To George Washington from Major General William Heath, 10 April 1778
From Major General William Heath
Head Quarters Boston April 10th 1778
Dear General
This will be presented to your Excellency by Lt Colo. Nevers, of the Province of Nova Scotia,1 He with a number of other Inhabitants have been Driven from their Habitations by the Iron Rod of Tyranny He is now going to Congress to Implore their advice aid & assistance2 being Desireous to Wait on your Excellency before He proceeds to Congress and having requested a line from me I have taken the Liberty to give him one well knowing that the distressed ever meet your attention and Sympathy and that advice which is most profitable. I have the Honor to be with great respect your Excellen[c]ys most Obt Servt.
ADf, MHi: Heath Papers.
1. On 16 Sept. 1777 the Massachusetts legislature had named Lt. Lt. Col. Phineas Nevers as a commander of 300 men enlisted to serve until the end of the year for the defense of Machias, in present-day Maine ( , May 1777–April 1778 [10 Sept.–25 Oct. 1777], 2–3). Nevers was probably the Dr. Phineas Nevers (1726–1785) of Maugerville, Nova Scotia (now New Brunswick), who had represented Sunbury County in the legislature at Halifax in 1768 but moved to Bangor (now Maine) after refusing to take an oath of loyalty to King George in 1777. Nevers, whose rank is sometimes given as captain, also visited Congress in 1779 to support a proposal for a road to Nova Scotia ( , 11:533).
2. Nevers was one of the signers of a 3 Mar. memorial to Congress from “late Inhabitants of the Province of Nova Scotia,” which spoke of their previous services to the American cause and requested that Congress “would be pleased to grant us Authority to raise a Body of Troops on the Continental Establishment to enable us to take Possession of those Posts of the Province of Nova Scotia abovementioned, or at least of the River St John’s, by which we may have a Communication with those Places” (DNA:PCC, item 41). The memorial was read on 6 May, and on 14 May it was referred to committee of Richard Henry Lee, Francis Lightfoot Lee, and Gouverneur Morris.
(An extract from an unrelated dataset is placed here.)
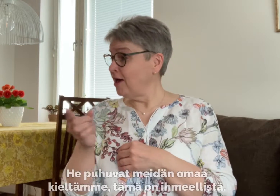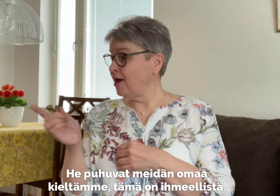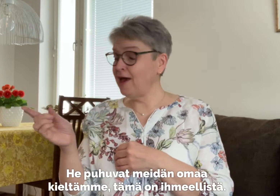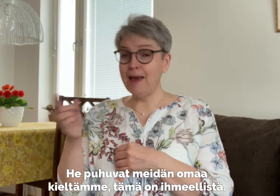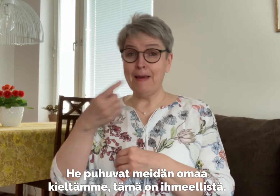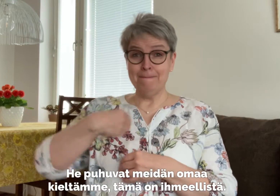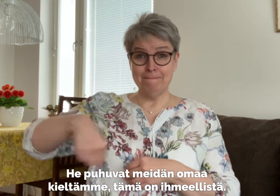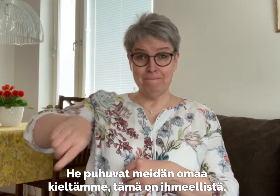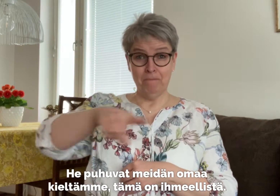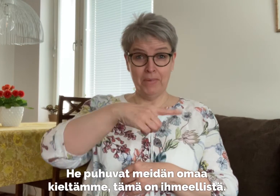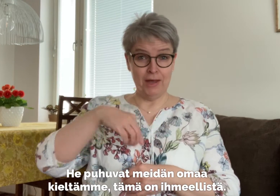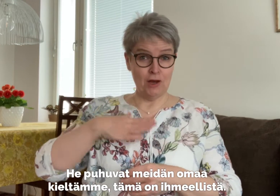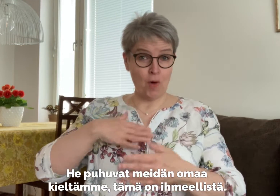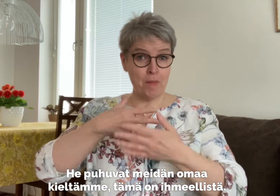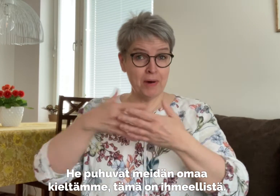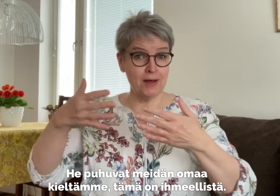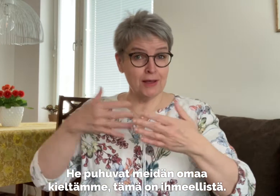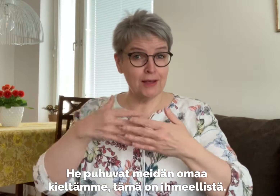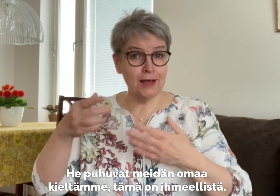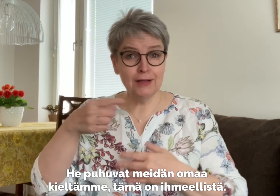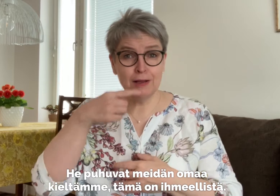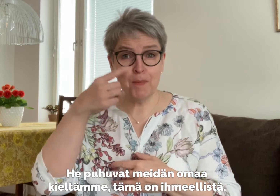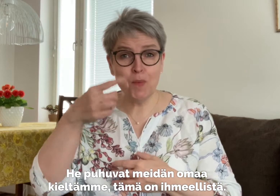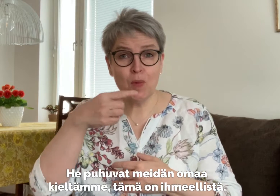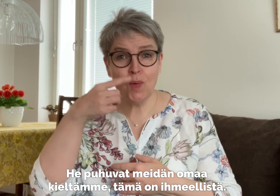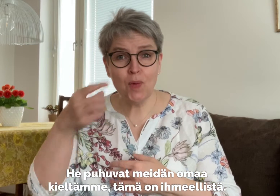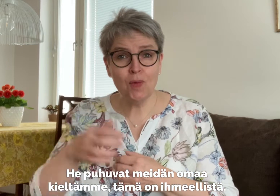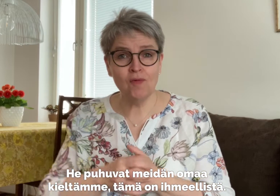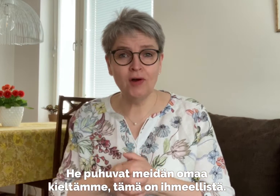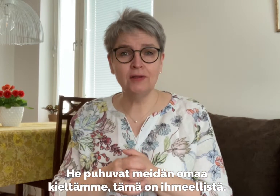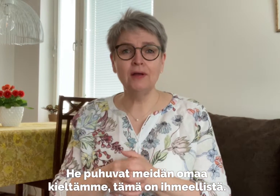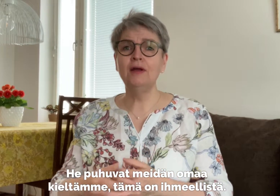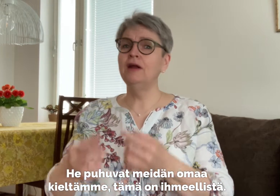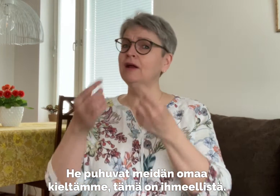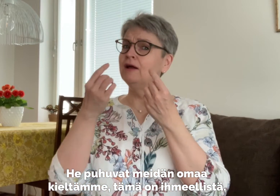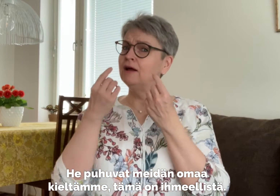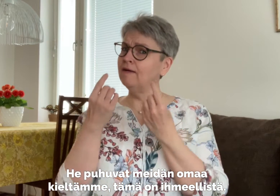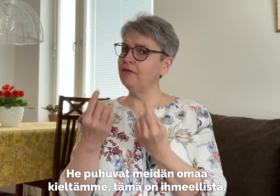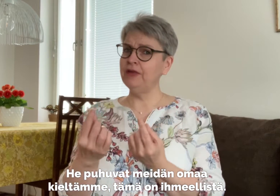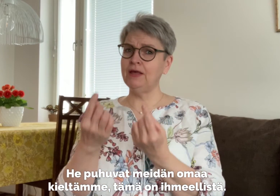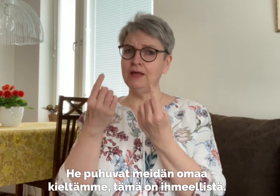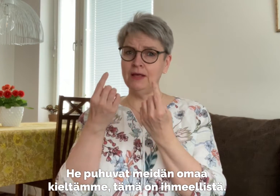He puhuvat meidän omaa kieltämme. Tämä on ihmeellistä.

Congress on 21 May agreed to the committee’s report “That the wresting of Nova Scotia from the British power and uniting the same to these States is for many weighty reasons a very desirable object; but that the propriety of making this attempt at the present crisis seems doubtful; and upon the whole, it appears most wise to wait a while, until the event of a war taking place between France and Great Britain, and the consequences that [it] may have upon the British force on this continent, shall render an attempt upon Nova Scotia more likely to succeed. If however any concurrence of circumstances should sooner render success in this undertaking probable, it is the opinion of the committee, that the honourable council of Massachusetts bay should be empowered at continental expence to furnish the inhabitants of Nova Scotia with a force, not exceeding two regiments, to assist in accomplishing the purpose proposed in the said memorial” ( , 11:498, 518).